> **What to do**
Output the records again verbatim.

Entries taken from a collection
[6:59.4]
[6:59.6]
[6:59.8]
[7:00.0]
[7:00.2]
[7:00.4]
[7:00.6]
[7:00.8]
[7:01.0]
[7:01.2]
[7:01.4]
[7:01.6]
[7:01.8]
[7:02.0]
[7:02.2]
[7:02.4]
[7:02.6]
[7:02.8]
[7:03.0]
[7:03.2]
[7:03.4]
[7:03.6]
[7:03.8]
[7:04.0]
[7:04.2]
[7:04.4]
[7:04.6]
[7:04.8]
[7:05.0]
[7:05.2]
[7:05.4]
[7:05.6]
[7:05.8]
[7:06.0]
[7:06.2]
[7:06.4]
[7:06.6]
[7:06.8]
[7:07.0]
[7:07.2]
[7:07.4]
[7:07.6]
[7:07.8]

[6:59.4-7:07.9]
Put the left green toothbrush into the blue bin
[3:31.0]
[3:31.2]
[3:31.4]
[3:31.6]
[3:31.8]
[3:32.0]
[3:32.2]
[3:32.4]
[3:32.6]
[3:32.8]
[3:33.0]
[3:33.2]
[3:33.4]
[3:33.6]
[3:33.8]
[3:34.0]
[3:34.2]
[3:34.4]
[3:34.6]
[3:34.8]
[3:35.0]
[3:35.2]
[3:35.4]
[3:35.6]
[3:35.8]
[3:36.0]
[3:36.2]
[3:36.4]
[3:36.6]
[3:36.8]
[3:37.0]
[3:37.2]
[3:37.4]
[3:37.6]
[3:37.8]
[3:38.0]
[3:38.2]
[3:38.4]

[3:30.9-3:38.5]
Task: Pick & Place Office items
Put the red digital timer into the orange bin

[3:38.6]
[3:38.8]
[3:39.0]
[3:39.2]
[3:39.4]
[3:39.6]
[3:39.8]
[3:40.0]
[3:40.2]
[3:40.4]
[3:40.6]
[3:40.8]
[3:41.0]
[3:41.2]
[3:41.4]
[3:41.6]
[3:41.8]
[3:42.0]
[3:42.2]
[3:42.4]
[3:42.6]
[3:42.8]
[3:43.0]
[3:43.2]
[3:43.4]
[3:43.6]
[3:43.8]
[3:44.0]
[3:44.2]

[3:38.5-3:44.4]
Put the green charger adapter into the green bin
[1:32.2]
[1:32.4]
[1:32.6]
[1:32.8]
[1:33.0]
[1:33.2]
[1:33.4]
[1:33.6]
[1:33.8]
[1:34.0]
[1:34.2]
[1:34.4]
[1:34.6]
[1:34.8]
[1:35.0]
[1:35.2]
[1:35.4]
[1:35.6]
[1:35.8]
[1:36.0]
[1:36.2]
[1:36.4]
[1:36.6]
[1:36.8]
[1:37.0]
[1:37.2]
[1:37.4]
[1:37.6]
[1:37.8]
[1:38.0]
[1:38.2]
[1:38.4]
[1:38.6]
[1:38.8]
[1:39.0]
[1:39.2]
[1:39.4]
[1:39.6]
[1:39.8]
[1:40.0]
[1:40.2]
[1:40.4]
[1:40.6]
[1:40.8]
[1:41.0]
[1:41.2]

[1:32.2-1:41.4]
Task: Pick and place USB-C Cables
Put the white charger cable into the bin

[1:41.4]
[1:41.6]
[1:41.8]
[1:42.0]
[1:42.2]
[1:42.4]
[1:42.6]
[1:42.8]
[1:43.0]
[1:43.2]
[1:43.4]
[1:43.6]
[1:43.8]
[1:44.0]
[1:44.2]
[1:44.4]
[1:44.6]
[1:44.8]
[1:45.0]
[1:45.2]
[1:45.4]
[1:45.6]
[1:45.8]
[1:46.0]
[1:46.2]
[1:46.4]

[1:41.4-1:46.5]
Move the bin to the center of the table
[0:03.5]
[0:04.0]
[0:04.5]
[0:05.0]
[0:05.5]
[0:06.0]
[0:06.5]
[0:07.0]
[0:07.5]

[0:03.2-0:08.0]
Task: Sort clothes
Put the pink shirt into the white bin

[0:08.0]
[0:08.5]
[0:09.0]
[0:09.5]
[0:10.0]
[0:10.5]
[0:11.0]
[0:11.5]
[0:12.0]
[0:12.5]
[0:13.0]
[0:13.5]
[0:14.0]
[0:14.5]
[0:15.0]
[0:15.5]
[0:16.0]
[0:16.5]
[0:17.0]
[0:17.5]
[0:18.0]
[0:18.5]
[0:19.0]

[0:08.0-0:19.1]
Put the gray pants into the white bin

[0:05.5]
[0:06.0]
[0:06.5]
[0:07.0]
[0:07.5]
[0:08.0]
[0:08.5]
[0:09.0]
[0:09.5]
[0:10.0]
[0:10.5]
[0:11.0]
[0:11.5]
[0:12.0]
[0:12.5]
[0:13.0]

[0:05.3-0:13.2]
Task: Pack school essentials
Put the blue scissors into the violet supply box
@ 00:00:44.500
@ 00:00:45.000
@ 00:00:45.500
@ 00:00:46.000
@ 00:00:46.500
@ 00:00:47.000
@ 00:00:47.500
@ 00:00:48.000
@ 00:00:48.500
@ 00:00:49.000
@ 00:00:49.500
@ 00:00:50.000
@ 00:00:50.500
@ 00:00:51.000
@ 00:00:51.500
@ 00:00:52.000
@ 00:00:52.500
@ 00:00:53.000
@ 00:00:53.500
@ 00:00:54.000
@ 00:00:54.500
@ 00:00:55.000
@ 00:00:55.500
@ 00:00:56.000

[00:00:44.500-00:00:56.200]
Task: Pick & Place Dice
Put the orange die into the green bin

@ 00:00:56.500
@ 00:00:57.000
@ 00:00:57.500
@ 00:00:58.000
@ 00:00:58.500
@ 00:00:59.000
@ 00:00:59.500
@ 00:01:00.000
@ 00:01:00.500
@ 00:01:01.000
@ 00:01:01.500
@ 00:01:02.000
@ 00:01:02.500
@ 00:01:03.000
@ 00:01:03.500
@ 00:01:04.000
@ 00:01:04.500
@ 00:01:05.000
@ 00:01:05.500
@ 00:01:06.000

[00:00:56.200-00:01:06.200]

> **Written answer**
[6:59.4]
[6:59.6]
[6:59.8]
[7:00.0]
[7:00.2]
[7:00.4]
[7:00.6]
[7:00.8]
[7:01.0]
[7:01.2]
[7:01.4]
[7:01.6]
[7:01.8]
[7:02.0]
[7:02.2]
[7:02.4]
[7:02.6]
[7:02.8]
[7:03.0]
[7:03.2]
[7:03.4]
[7:03.6]
[7:03.8]
[7:04.0]
[7:04.2]
[7:04.4]
[7:04.6]
[7:04.8]
[7:05.0]
[7:05.2]
[7:05.4]
[7:05.6]
[7:05.8]
[7:06.0]
[7:06.2]
[7:06.4]
[7:06.6]
[7:06.8]
[7:07.0]
[7:07.2]
[7:07.4]
[7:07.6]
[7:07.8]

[6:59.4-7:07.9]
Put the left green toothbrush into the blue bin
[3:31.0]
[3:31.2]
[3:31.4]
[3:31.6]
[3:31.8]
[3:32.0]
[3:32.2]
[3:32.4]
[3:32.6]
[3:32.8]
[3:33.0]
[3:33.2]
[3:33.4]
[3:33.6]
[3:33.8]
[3:34.0]
[3:34.2]
[3:34.4]
[3:34.6]
[3:34.8]
[3:35.0]
[3:35.2]
[3:35.4]
[3:35.6]
[3:35.8]
[3:36.0]
[3:36.2]
[3:36.4]
[3:36.6]
[3:36.8]
[3:37.0]
[3:37.2]
[3:37.4]
[3:37.6]
[3:37.8]
[3:38.0]
[3:38.2]
[3:38.4]

[3:30.9-3:38.5]
Task: Pick & Place Office items
Put the red digital timer into the orange bin

[3:38.6]
[3:38.8]
[3:39.0]
[3:39.2]
[3:39.4]
[3:39.6]
[3:39.8]
[3:40.0]
[3:40.2]
[3:40.4]
[3:40.6]
[3:40.8]
[3:41.0]
[3:41.2]
[3:41.4]
[3:41.6]
[3:41.8]
[3:42.0]
[3:42.2]
[3:42.4]
[3:42.6]
[3:42.8]
[3:43.0]
[3:43.2]
[3:43.4]
[3:43.6]
[3:43.8]
[3:44.0]
[3:44.2]

[3:38.5-3:44.4]
Put the green charger adapter into the green bin
[1:32.2]
[1:32.4]
[1:32.6]
[1:32.8]
[1:33.0]
[1:33.2]
[1:33.4]
[1:33.6]
[1:33.8]
[1:34.0]
[1:34.2]
[1:34.4]
[1:34.6]
[1:34.8]
[1:35.0]
[1:35.2]
[1:35.4]
[1:35.6]
[1:35.8]
[1:36.0]
[1:36.2]
[1:36.4]
[1:36.6]
[1:36.8]
[1:37.0]
[1:37.2]
[1:37.4]
[1:37.6]
[1:37.8]
[1:38.0]
[1:38.2]
[1:38.4]
[1:38.6]
[1:38.8]
[1:39.0]
[1:39.2]
[1:39.4]
[1:39.6]
[1:39.8]
[1:40.0]
[1:40.2]
[1:40.4]
[1:40.6]
[1:40.8]
[1:41.0]
[1:41.2]

[1:32.2-1:41.4]
Task: Pick and place USB-C Cables
Put the white charger cable into the bin

[1:41.4]
[1:41.6]
[1:41.8]
[1:42.0]
[1:42.2]
[1:42.4]
[1:42.6]
[1:42.8]
[1:43.0]
[1:43.2]
[1:43.4]
[1:43.6]
[1:43.8]
[1:44.0]
[1:44.2]
[1:44.4]
[1:44.6]
[1:44.8]
[1:45.0]
[1:45.2]
[1:45.4]
[1:45.6]
[1:45.8]
[1:46.0]
[1:46.2]
[1:46.4]

[1:41.4-1:46.5]
Move the bin to the center of the table
[0:03.5]
[0:04.0]
[0:04.5]
[0:05.0]
[0:05.5]
[0:06.0]
[0:06.5]
[0:07.0]
[0:07.5]

[0:03.2-0:08.0]
Task: Sort clothes
Put the pink shirt into the white bin

[0:08.0]
[0:08.5]
[0:09.0]
[0:09.5]
[0:10.0]
[0:10.5]
[0:11.0]
[0:11.5]
[0:12.0]
[0:12.5]
[0:13.0]
[0:13.5]
[0:14.0]
[0:14.5]
[0:15.0]
[0:15.5]
[0:16.0]
[0:16.5]
[0:17.0]
[0:17.5]
[0:18.0]
[0:18.5]
[0:19.0]

[0:08.0-0:19.1]
Put the gray pants into the white bin

[0:05.5]
[0:06.0]
[0:06.5]
[0:07.0]
[0:07.5]
[0:08.0]
[0:08.5]
[0:09.0]
[0:09.5]
[0:10.0]
[0:10.5]
[0:11.0]
[0:11.5]
[0:12.0]
[0:12.5]
[0:13.0]

[0:05.3-0:13.2]
Task: Pack school essentials
Put the blue scissors into the violet supply box
@ 00:00:44.500
@ 00:00:45.000
@ 00:00:45.500
@ 00:00:46.000
@ 00:00:46.500
@ 00:00:47.000
@ 00:00:47.500
@ 00:00:48.000
@ 00:00:48.500
@ 00:00:49.000
@ 00:00:49.500
@ 00:00:50.000
@ 00:00:50.500
@ 00:00:51.000
@ 00:00:51.500
@ 00:00:52.000
@ 00:00:52.500
@ 00:00:53.000
@ 00:00:53.500
@ 00:00:54.000
@ 00:00:54.500
@ 00:00:55.000
@ 00:00:55.500
@ 00:00:56.000

[00:00:44.500-00:00:56.200]
Task: Pick & Place Dice
Put the orange die into the green bin

@ 00:00:56.500
@ 00:00:57.000
@ 00:00:57.500
@ 00:00:58.000
@ 00:00:58.500
@ 00:00:59.000
@ 00:00:59.500
@ 00:01:00.000
@ 00:01:00.500
@ 00:01:01.000
@ 00:01:01.500
@ 00:01:02.000
@ 00:01:02.500
@ 00:01:03.000
@ 00:01:03.500
@ 00:01:04.000
@ 00:01:04.500
@ 00:01:05.000
@ 00:01:05.500
@ 00:01:06.000

[00:00:56.200-00:01:06.200]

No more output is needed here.